= Charlotte Hohmann =

Magazine editor

Charlotte Hohmann (born Charlotte Scheffel: 19 May 1900 – 8 December 1971) was the first editor in chief of Die Frau von heute, the mass circulation weekly women's magazine founded in 1946 in Germany's Soviet occupation zone, into which, after 1949, rival publications were absorbed. As a young woman she was a political activist (KPD). Unlike her brother, she survived the Nazi years, but she nevertheless underwent several Gestapo interrogation sessions. During the early 1950s she held various senior positions within the East German print media sector even, at least on paper, after her retirement in 1955.

==Life==
Charlotte Scheffel was born in Gera, an industrial city to the west of Dresden with a large textiles sector, in which her mother worked as a "seamstress" ("Näherin"). Her father was a painter. Scheffel left school in 1914 and embarked on a two-year traineeship in clothes manufacturing. Between 1917 and 1919 she worked as a clerical assistant in the city hall. From 1919 till 1921 she was employed in domestic service before moving on to a clerical position with the Gera Potash Syndicate. She lost that job in 1923 because of "Communist activities".

She joined the Young Communists in 1922 and the Communist Party itself in 1924. In 1926 she married Paul Hohmann, a Communist Party official. She herself was employed as a secretary with the Sicla Building Co-operative in 1924/25. Between 1925 and 1930 she worked as chief secretary with the Schraps architectural practice, work which she combined with similar functions at the East Thuringia Building Business ("Bauhüttenbetrieb Ostthüringen") in Gera. She was also, by this time, contributing written material to labour movement publications.

The Hohmanns relocated to Berlin in 1931. Hohmann embarked on a training at the Communist Party's national academy ("Reichsparteischule") in Berlin-Fichtenau (which had itself relocated from Dresden to Fichtenau in 1929). Next she became a senior official in the Women's Department of the Communist Party Central Committee. Between the end of 1931 and 1933 she was a volunteer and contributor to the newspaper for women, "Die Kämpferin" (published by the party's Red Star publishing house).

The Nazi power seizure in January 1933 was followed by a rapid switch to one-party dictatorship which put an end to Communist Party institutions in Germany and led to the imprisonment or forced emigration of the party leadership, although "underground activism" continued. Between 1933 and 1935 Charlotte Hohmann worked in a private dairy-delicatessen, while her apartment was used as an organisation hub for illegal Communist resistance fighters and couriers. Sources are vague on the details, which involved illegal "printing and postal" activities and accommodation for illegal party activists.
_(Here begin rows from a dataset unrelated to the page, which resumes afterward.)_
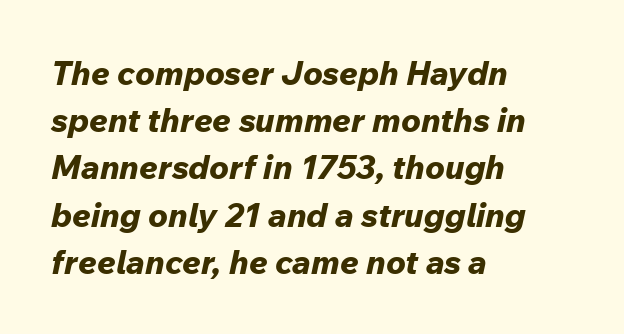
The string is rendered with underlining switched off. Each letter keeps its own natural width here, so spacing adapts to shape. The font is running at its bold setting. The letters sit at their default tracking, neither squeezed nor spread. The designer left line spacing at the default.
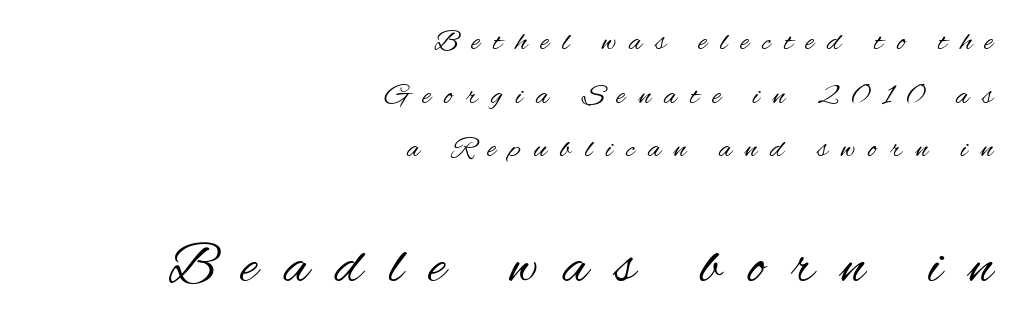
Two sizes are in play, and the larger belongs to the second block. The tracking reads as deliberately expanded to a designer's eye. Looks like regular typesetting: each glyph gets only the width it needs.
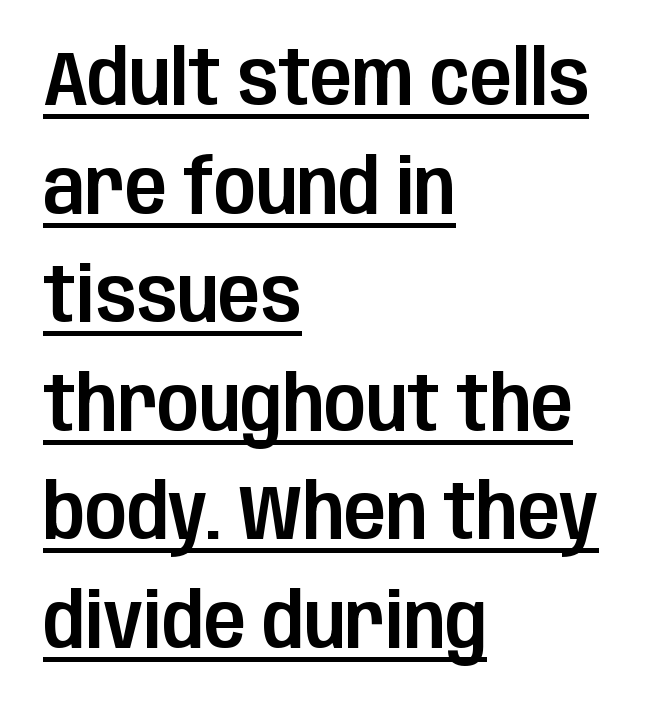
The image shows 77 px condensed sans-serif type, upright; set left-aligned, normal line spacing (1.41x), normal letter spacing, underlined; low stroke contrast and a large x-height.
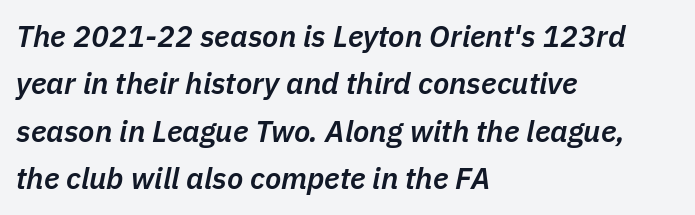
The image shows 30 px semibold type, italic (leaning right); set left-aligned, normal line spacing (1.58x), normal letter spacing, not underlined; low stroke contrast and a medium x-height.
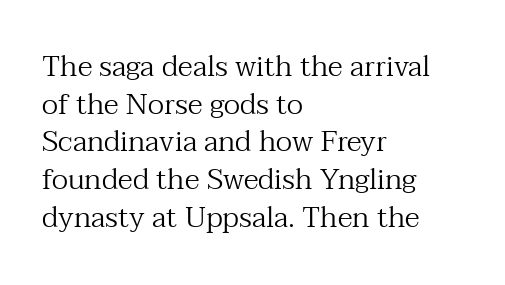
Q: Is the text bold? A: No.
Q: Is the text italic (slanted)? A: No, it is upright.
Q: Is the typeface a serif or a sans-serif typeface? A: Serif.
Q: Is the text underlined? A: No.
Q: How is the paragraph aligned? A: Left-aligned.
Q: Is the spacing between letters normal or unusually wide? A: Normal.
Q: Is the spacing between lines tight, normal or loose? A: Normal.
Q: Width (condensed, normal, or wide)? A: Normal.
Q: Stroke contrast? A: Medium.
Q: x-height? A: Medium.
Q: Monospaced? A: No.
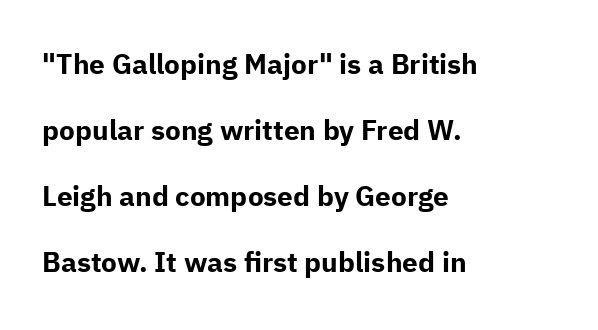
Q: Is the text bold? A: Yes.
Q: Is the text italic (slanted)? A: No, it is upright.
Q: Is the typeface a serif or a sans-serif typeface? A: Sans-serif.
Q: Is the text underlined? A: No.
Q: How is the paragraph aligned? A: Left-aligned.
Q: Is the spacing between letters normal or unusually wide? A: Normal.
Q: Is the spacing between lines tight, normal or loose? A: Loose.
Q: Width (condensed, normal, or wide)? A: Normal.
Q: Stroke contrast? A: Low.
Q: x-height? A: Medium.
Q: Monospaced? A: No.

Her husband was arrested in May 1933 after which Charlotte continued to work in illegal resistance, involved with the Saefkows, Werner Seelenbinder and the grouping around Felix Tucholla and her own brother, Rudolf Scheffel. Meanwhile, from 1936 she was employed as an office worker with "Wirtschaftsgruppe Elektro-Industrie", an industrial conglomerate, dismissed in 1942 on grounds of ill health. Between 1942 and 1945 she is described as a housewife. Her brother Rudolf was arrested in August 1942 and executed in September 1943. Between 1933 and 1944 she was several times interrogated by the Gestapo.

War ended in May 1945 after which a large part of Germany surrounding Berlin was administered as the Soviet occupation zone (to be relaunched in 1949 as the Soviet sponsored German Democratic Republic (East Germany)). Between May and November 1945 Charlotte Hohmann worked for the city council in a management position in the Finance Department in Berlin-Schöneberg. In February 1946 the local women's committee launched the weekly magazine "Die Frau von heute" ("Today's Woman"): Charlotte Hohmann was listed as Managing Editor. During 1948 control of the magazine passed to the newly established Democratic Women's League ("Demokratischer Frauenbund Deutschlands" / DFD). She continued to be identified as "Chefredakteurin" ("Editor in Chief") till 1957, although other job appointments indicate that in reality her day to day involvement with this publication may have diminished after 1948. Between 1948 and 1950 Hohmann worked as deputy managing editor of the weekly women's magazine "Für Dich" (For Thee), under the editorship of Willi Karsch. ("Für Dich" was subsumed into "Die Frau von heute" in 1950, although it re-appeared as a standalone title in 1963.) Between 1950 and 1955 Hohmann was employed in a senior management position ("Hauptgeschäftsfuehrerin") with the National Union of Journalists. She retired in 1955 but continued to undertake unpaid work for The Party.

Charlotte Hohmann received her Medal for Fighters Against Fascism in 1958. She died in Berlin on 8 December 1971.